Directions for this task:
Output the entries below word for word, stopping once the line containing "#611 = DIRECTION" is done, and omit each picture.

Record extracts:
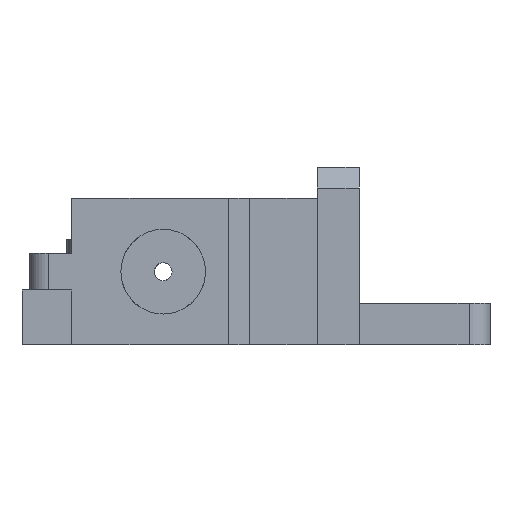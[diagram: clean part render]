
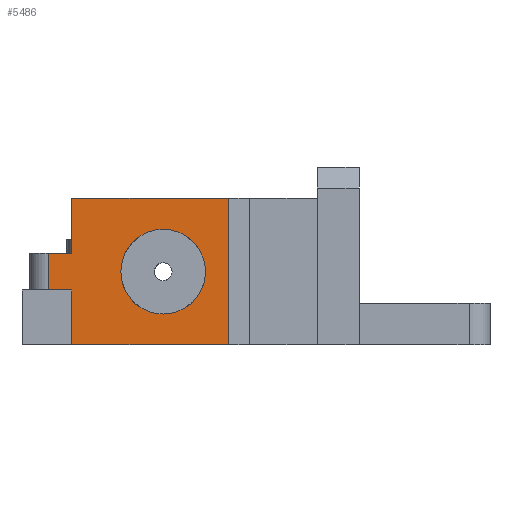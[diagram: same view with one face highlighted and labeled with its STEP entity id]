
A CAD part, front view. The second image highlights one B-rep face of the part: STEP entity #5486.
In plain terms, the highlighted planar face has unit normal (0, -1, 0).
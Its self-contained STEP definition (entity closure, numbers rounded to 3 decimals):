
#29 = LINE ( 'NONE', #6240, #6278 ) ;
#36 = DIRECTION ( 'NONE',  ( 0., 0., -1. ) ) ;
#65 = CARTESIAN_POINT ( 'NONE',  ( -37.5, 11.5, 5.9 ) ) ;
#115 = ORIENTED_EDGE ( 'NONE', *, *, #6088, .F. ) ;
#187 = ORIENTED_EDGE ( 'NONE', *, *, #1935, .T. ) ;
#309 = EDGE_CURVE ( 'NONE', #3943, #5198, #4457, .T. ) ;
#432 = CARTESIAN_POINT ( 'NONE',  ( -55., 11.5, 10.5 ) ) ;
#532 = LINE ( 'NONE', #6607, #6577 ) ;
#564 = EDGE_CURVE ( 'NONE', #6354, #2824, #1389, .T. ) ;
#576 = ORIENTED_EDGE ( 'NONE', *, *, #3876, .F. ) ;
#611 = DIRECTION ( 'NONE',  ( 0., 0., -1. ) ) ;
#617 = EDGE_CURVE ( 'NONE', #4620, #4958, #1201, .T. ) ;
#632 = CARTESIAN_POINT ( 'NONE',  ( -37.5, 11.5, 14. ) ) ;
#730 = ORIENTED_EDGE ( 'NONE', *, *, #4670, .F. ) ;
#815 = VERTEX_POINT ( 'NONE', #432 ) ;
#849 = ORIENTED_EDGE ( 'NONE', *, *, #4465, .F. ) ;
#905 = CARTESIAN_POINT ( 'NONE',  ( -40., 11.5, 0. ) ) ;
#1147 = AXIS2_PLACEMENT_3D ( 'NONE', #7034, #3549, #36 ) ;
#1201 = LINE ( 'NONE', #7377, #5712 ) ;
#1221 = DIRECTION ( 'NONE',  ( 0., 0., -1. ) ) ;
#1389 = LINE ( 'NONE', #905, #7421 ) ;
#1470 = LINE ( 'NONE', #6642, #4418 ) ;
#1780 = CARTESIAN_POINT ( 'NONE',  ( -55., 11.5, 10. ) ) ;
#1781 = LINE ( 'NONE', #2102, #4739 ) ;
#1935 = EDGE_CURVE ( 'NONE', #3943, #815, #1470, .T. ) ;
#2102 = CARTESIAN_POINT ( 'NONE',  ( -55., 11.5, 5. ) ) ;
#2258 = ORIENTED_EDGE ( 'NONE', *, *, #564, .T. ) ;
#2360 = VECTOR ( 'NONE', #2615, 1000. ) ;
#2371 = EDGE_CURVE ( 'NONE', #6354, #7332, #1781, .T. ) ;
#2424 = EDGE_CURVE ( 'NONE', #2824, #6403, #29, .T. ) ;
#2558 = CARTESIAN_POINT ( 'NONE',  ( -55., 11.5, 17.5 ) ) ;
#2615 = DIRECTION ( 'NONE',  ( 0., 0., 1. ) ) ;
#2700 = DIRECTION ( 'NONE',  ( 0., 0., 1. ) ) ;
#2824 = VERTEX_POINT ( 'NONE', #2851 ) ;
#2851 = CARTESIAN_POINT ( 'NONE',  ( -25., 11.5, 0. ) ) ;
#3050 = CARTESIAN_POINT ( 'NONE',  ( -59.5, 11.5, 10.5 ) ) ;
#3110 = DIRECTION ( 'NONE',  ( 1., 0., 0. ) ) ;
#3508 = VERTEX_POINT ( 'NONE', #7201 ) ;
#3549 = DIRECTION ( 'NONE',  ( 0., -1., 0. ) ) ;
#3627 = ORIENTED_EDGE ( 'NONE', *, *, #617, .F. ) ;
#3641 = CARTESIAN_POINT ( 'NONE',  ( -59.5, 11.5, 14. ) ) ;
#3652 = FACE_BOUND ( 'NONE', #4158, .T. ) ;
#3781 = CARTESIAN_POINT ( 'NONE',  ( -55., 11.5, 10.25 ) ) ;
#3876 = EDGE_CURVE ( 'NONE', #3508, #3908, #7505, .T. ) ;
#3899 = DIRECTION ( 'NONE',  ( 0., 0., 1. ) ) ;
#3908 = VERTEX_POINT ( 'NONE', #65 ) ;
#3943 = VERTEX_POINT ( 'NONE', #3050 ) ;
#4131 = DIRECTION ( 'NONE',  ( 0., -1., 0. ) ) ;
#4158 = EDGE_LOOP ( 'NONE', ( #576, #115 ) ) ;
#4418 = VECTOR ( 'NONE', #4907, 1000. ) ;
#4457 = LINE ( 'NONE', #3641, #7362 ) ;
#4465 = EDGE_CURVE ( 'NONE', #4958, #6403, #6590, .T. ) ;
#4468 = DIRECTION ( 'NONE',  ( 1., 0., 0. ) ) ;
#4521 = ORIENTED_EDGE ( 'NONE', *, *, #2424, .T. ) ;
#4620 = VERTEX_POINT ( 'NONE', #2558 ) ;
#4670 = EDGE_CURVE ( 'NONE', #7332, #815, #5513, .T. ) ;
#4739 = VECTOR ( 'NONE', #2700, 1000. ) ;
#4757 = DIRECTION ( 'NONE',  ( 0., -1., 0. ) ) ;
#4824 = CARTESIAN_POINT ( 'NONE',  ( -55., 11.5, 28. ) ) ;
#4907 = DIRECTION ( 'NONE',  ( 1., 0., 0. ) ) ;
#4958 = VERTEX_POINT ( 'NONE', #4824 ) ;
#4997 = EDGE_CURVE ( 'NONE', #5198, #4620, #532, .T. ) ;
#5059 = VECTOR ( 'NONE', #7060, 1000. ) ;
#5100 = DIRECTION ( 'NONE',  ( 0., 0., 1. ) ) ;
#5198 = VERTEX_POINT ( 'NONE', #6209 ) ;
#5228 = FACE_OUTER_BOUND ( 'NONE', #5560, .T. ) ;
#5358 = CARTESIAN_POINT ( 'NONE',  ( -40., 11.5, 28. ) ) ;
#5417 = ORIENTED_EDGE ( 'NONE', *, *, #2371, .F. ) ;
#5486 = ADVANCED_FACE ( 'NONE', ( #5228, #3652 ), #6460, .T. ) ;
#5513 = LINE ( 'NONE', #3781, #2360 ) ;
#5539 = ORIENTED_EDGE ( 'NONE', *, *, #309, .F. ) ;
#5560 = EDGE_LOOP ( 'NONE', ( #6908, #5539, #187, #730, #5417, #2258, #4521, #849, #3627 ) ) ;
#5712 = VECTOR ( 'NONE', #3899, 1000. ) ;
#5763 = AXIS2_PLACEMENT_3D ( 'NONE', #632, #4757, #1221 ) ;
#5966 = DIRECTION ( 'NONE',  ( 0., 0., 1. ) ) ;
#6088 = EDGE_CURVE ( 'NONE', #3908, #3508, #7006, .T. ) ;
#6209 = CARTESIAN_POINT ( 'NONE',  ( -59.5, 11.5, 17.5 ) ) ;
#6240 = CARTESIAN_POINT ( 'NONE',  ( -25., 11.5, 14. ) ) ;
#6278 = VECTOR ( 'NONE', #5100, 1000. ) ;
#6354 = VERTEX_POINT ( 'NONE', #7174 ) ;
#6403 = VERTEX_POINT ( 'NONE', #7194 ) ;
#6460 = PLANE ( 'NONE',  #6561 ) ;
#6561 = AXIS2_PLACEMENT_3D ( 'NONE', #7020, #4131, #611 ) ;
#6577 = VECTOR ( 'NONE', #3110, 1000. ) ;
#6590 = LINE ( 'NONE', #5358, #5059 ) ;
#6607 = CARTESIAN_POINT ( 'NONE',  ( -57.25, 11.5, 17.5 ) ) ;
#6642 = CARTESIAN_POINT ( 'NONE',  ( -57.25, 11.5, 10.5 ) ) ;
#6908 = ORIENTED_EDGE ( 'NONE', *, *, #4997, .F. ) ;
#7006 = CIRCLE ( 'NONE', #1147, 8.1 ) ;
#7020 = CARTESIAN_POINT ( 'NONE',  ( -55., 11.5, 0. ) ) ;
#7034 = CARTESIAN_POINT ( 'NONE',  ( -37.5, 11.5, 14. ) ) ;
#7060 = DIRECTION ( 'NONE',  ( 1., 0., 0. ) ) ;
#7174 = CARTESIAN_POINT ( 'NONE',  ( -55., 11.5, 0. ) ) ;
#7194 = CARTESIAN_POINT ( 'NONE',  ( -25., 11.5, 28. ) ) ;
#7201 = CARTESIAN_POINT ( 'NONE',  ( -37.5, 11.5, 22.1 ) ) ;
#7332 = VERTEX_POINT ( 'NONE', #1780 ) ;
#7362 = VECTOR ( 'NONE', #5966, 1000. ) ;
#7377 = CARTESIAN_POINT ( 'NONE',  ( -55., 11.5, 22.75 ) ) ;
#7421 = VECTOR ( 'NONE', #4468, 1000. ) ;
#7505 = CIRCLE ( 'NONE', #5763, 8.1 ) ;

Completed task:
[diagram: clean part render]
[diagram: same view with one face highlighted and labeled with its STEP entity id]
A CAD part, front view. The second image highlights one B-rep face of the part: STEP entity #5486.
In plain terms, the highlighted planar face has unit normal (0, -1, 0).
Its self-contained STEP definition (entity closure, numbers rounded to 3 decimals):
#29 = LINE ( 'NONE', #6240, #6278 ) ;
#36 = DIRECTION ( 'NONE',  ( 0., 0., -1. ) ) ;
#65 = CARTESIAN_POINT ( 'NONE',  ( -37.5, 11.5, 5.9 ) ) ;
#115 = ORIENTED_EDGE ( 'NONE', *, *, #6088, .F. ) ;
#187 = ORIENTED_EDGE ( 'NONE', *, *, #1935, .T. ) ;
#309 = EDGE_CURVE ( 'NONE', #3943, #5198, #4457, .T. ) ;
#432 = CARTESIAN_POINT ( 'NONE',  ( -55., 11.5, 10.5 ) ) ;
#532 = LINE ( 'NONE', #6607, #6577 ) ;
#564 = EDGE_CURVE ( 'NONE', #6354, #2824, #1389, .T. ) ;
#576 = ORIENTED_EDGE ( 'NONE', *, *, #3876, .F. ) ;
#611 = DIRECTION ( 'NONE',  ( 0., 0., -1. ) ) ;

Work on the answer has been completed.